Data records
::::::::::
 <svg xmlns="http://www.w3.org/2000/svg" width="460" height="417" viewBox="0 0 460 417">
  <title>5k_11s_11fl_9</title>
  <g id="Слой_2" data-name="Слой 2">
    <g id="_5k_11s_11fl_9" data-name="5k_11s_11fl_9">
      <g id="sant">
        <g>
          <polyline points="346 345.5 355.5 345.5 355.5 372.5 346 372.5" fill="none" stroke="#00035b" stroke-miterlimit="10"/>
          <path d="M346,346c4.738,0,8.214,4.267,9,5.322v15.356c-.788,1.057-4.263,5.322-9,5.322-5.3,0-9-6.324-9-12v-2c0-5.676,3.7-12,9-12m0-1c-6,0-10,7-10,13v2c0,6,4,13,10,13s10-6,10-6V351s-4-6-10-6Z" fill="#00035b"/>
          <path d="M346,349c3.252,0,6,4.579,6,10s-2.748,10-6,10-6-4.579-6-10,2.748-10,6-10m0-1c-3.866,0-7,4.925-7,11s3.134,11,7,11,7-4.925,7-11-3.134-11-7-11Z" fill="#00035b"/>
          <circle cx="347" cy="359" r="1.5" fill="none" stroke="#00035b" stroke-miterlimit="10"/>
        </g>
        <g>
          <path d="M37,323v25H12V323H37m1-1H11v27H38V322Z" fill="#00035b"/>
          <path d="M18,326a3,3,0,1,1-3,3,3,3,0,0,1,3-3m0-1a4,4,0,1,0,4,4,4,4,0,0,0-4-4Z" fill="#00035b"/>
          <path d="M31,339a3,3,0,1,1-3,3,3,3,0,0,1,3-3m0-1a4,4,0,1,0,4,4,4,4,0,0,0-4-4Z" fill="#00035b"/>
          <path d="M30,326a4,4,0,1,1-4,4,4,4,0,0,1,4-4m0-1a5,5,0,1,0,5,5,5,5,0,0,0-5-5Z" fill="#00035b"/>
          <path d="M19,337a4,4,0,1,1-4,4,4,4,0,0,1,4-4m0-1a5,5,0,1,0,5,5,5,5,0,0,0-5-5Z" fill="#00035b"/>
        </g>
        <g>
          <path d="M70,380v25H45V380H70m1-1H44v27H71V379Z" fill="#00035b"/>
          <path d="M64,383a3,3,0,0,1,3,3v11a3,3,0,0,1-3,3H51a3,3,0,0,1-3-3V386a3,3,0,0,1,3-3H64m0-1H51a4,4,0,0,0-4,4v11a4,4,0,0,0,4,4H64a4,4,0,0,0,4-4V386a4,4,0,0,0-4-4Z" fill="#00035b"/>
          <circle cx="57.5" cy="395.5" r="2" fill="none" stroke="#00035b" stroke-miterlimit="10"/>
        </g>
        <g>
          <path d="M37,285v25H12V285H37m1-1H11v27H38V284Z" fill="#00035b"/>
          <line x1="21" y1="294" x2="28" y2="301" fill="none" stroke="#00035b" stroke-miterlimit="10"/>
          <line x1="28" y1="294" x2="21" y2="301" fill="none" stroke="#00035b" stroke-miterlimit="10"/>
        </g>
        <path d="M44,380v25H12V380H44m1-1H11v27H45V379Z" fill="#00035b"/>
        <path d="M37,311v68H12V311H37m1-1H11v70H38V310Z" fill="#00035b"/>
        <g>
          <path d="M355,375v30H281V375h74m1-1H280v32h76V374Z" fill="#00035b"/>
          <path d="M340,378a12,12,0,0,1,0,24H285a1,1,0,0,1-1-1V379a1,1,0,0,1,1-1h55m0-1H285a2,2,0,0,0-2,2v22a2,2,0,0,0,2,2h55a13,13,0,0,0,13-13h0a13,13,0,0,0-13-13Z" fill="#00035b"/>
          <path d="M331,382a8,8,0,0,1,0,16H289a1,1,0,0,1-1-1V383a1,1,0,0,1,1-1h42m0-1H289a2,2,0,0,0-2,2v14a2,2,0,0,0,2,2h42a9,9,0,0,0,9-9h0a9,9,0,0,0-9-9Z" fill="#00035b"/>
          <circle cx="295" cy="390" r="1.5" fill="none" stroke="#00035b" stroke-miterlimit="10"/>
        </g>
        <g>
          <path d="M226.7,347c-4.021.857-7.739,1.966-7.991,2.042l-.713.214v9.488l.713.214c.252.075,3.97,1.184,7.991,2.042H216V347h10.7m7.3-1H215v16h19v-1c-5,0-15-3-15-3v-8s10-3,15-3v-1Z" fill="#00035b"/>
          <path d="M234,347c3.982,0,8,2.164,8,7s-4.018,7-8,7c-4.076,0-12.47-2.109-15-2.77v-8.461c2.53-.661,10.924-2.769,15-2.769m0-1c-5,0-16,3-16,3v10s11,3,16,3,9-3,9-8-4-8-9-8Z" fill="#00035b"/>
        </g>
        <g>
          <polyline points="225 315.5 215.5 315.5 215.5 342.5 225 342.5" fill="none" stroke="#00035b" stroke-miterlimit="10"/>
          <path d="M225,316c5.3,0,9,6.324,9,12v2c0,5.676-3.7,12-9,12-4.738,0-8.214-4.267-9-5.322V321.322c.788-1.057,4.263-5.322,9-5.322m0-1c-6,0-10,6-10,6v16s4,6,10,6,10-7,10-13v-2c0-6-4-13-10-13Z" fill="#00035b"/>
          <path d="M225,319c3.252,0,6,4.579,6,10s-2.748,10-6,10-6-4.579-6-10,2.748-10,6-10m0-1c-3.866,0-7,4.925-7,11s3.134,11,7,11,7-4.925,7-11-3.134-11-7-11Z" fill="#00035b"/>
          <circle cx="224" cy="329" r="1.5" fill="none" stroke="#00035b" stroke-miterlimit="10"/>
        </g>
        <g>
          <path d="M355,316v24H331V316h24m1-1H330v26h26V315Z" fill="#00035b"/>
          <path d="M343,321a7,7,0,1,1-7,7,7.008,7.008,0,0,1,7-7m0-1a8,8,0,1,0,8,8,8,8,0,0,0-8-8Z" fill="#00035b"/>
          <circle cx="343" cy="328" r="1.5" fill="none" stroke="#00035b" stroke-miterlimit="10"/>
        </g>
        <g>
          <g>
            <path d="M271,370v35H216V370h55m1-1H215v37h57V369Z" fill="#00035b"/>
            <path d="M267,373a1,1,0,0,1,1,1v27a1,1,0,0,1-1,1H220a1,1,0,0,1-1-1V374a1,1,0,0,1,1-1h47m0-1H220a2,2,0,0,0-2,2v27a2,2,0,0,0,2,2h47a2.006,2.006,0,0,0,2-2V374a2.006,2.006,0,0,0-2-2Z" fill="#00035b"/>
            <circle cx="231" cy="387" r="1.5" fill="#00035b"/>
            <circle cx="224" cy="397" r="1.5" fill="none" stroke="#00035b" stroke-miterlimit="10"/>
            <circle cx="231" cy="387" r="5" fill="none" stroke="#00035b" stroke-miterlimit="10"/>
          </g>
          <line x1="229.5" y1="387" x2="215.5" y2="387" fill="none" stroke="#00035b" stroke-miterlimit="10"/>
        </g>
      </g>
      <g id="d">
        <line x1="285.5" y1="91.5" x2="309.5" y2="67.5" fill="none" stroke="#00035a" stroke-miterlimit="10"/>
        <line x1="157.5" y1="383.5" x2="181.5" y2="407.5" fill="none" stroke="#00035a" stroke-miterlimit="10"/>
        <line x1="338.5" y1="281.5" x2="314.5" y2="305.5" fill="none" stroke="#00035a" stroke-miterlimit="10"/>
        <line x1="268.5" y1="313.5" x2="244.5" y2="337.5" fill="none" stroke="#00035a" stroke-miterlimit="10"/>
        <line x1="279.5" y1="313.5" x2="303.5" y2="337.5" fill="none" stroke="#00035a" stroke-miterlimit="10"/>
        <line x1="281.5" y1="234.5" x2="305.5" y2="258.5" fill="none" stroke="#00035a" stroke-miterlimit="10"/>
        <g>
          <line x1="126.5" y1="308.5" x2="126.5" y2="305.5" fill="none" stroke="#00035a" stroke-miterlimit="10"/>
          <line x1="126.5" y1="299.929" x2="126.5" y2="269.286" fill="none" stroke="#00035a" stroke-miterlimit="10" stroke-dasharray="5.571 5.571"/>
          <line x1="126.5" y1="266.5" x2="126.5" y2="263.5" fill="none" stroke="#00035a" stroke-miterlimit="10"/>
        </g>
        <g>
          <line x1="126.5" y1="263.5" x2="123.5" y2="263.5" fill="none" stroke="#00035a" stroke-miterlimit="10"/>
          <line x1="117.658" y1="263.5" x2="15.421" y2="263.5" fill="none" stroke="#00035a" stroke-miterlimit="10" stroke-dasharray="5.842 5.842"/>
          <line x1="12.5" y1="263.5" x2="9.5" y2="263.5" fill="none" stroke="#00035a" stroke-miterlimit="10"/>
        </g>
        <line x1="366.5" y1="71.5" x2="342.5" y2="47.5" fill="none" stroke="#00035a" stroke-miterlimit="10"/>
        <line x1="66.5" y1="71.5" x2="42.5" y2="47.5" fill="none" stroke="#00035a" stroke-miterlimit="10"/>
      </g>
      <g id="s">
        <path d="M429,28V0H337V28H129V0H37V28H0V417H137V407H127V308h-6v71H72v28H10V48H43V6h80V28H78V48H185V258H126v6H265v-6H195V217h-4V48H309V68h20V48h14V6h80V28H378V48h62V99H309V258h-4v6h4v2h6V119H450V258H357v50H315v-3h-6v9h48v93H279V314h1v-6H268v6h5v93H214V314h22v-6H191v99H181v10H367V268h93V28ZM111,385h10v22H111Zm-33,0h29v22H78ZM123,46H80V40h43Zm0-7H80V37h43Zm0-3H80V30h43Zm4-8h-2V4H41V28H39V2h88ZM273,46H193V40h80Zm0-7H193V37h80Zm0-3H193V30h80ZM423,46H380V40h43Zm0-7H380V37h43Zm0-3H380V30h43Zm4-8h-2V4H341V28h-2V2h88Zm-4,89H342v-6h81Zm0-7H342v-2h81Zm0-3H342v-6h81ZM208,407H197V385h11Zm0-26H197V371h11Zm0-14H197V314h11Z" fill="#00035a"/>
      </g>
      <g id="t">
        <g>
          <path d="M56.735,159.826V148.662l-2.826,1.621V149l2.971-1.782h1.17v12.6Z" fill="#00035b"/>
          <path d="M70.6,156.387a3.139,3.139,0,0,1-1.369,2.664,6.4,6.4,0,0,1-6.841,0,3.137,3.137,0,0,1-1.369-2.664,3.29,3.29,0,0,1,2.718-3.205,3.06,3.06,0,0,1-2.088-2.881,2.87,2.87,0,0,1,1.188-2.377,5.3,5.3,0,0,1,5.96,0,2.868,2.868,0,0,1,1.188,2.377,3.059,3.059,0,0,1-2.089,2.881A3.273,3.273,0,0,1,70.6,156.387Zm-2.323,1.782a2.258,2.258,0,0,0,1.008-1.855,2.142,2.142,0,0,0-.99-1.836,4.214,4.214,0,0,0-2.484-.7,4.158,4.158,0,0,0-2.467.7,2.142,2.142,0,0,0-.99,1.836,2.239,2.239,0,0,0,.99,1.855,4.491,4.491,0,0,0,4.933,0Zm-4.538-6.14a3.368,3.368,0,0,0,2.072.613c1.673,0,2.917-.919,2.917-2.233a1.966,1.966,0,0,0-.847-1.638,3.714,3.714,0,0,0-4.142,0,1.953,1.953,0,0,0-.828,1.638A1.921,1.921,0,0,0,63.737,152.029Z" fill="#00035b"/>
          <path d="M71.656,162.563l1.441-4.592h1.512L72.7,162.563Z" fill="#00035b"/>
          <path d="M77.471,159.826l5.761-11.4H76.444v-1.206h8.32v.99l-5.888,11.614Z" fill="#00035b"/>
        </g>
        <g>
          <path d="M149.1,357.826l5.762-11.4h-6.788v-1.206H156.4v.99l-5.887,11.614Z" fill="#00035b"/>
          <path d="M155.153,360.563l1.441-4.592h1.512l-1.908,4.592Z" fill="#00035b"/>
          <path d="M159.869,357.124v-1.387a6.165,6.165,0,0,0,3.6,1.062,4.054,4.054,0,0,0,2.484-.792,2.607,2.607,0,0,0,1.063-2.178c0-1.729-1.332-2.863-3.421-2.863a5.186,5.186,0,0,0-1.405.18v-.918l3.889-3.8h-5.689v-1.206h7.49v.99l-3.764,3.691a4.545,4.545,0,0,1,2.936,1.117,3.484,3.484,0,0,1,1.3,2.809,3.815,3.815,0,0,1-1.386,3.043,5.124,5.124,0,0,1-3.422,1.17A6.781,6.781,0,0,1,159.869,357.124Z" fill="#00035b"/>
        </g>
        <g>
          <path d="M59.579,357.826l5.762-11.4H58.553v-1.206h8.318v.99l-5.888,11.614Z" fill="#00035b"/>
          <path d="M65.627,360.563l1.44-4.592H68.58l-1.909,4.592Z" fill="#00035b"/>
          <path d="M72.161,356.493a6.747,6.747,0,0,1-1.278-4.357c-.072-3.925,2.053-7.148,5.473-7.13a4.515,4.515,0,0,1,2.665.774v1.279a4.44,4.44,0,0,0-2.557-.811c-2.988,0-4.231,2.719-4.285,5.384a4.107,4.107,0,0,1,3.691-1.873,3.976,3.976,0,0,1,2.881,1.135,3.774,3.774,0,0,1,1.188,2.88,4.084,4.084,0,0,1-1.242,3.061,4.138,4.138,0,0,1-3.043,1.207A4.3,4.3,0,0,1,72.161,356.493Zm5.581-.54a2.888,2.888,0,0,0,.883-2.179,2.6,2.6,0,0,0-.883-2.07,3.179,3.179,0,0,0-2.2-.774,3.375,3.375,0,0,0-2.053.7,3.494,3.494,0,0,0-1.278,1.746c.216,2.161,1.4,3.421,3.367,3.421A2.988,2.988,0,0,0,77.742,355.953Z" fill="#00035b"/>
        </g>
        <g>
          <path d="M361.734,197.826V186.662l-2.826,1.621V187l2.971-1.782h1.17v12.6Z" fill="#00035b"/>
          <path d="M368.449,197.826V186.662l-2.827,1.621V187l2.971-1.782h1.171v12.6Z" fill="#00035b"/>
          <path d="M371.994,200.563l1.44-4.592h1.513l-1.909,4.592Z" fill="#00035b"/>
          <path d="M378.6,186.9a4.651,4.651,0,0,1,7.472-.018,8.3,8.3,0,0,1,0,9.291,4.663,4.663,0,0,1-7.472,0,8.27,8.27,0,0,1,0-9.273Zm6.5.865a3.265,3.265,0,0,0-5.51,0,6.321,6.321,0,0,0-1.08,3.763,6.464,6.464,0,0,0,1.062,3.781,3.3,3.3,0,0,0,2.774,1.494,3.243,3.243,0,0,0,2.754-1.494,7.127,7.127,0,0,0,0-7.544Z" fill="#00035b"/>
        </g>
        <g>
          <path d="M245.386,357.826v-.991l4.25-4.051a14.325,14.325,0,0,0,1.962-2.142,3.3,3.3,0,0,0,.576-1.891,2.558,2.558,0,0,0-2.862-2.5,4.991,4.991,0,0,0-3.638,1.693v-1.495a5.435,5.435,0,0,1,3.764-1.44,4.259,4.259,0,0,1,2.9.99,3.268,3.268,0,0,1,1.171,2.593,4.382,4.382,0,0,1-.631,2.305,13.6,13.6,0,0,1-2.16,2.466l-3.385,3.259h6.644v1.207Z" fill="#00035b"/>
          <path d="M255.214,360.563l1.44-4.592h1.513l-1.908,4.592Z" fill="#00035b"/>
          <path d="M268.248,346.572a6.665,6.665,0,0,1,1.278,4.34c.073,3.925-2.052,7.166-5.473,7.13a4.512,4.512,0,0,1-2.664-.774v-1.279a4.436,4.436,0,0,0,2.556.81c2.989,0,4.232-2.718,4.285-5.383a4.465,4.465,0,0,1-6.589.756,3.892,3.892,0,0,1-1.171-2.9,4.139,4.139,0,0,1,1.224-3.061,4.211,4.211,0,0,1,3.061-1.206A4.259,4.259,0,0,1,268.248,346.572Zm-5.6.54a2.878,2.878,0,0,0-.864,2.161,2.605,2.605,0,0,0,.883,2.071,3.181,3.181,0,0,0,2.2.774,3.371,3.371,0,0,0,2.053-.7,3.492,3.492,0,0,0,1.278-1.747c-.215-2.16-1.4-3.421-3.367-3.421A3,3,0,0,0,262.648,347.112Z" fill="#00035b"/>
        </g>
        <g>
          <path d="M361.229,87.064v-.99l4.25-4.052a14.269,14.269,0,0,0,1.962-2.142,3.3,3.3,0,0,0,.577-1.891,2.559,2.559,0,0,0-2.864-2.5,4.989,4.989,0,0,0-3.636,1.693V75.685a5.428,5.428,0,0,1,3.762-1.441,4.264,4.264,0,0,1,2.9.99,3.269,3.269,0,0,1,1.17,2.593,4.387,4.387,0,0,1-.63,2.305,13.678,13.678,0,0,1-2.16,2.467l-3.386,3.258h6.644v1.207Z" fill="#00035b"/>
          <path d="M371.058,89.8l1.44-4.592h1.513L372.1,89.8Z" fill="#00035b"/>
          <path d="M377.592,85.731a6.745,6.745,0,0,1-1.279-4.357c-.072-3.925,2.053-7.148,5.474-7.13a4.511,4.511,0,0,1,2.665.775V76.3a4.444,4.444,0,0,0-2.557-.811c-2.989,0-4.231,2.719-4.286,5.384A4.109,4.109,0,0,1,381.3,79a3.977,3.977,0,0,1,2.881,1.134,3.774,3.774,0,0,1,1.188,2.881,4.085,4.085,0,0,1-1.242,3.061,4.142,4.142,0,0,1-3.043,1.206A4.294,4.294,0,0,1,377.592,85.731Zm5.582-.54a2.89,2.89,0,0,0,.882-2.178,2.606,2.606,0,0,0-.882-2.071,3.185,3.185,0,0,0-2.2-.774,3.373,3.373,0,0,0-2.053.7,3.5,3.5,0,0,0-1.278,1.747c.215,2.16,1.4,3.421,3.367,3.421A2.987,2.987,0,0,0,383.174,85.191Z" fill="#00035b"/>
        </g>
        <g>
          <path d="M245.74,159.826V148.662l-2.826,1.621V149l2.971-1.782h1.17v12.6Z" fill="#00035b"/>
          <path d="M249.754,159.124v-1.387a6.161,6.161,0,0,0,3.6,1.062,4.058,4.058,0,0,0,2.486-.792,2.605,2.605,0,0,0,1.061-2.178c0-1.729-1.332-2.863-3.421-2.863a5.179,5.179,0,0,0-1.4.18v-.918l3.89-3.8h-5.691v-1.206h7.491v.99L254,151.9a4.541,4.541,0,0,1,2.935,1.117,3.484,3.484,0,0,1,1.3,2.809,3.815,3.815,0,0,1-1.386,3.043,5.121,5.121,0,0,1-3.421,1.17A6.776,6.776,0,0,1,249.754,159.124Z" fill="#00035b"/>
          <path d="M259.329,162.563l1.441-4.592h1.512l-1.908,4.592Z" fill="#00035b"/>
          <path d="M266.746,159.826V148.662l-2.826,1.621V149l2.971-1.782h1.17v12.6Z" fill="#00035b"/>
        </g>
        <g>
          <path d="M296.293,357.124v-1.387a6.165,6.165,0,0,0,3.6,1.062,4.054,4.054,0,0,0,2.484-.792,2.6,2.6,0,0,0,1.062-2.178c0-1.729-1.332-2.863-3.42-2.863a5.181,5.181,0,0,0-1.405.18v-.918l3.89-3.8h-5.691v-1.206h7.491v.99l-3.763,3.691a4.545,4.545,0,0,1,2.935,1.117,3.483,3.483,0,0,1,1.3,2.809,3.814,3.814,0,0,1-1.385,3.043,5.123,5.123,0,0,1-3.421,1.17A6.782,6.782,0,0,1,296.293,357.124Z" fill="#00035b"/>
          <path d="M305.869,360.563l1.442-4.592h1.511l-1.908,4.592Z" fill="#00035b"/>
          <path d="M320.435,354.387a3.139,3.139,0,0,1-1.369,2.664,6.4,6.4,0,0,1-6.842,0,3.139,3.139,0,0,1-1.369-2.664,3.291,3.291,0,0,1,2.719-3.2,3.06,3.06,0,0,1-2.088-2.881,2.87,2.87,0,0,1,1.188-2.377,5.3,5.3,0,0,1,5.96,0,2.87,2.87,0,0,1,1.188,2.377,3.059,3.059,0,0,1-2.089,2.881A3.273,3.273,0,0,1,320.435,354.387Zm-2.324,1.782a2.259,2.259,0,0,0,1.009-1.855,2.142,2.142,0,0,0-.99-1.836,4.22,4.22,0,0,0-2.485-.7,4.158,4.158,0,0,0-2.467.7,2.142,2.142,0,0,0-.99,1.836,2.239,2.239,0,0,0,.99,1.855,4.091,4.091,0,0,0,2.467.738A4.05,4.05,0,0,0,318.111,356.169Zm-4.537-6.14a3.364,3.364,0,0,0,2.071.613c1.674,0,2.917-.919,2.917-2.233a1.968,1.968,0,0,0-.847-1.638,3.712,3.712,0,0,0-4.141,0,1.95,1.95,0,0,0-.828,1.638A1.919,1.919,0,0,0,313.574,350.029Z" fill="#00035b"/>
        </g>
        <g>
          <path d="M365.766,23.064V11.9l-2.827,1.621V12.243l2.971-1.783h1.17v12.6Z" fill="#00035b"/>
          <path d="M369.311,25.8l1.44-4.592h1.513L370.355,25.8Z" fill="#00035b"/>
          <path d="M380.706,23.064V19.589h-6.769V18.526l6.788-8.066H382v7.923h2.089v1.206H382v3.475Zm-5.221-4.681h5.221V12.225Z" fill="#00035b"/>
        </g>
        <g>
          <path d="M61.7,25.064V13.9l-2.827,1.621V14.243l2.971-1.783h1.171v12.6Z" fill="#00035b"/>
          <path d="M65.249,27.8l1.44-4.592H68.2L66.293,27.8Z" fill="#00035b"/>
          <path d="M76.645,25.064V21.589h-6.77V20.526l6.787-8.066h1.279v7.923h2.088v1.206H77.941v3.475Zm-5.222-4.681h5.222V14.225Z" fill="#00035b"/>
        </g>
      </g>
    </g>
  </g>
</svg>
::::::::::
• Instructions to follow:
Quote exactly the stretch of lines above that starts at the first one and ends at the line with "345.5 355.5 345.5", and nothing beyond it.

• Result:
 <svg xmlns="http://www.w3.org/2000/svg" width="460" height="417" viewBox="0 0 460 417">
  <title>5k_11s_11fl_9</title>
  <g id="Слой_2" data-name="Слой 2">
    <g id="_5k_11s_11fl_9" data-name="5k_11s_11fl_9">
      <g id="sant">
        <g>
          <polyline points="346 345.5 355.5 345.5 355.5 372.5 346 372.5" fill="none" stroke="#00035b" stroke-miterlimit="10"/>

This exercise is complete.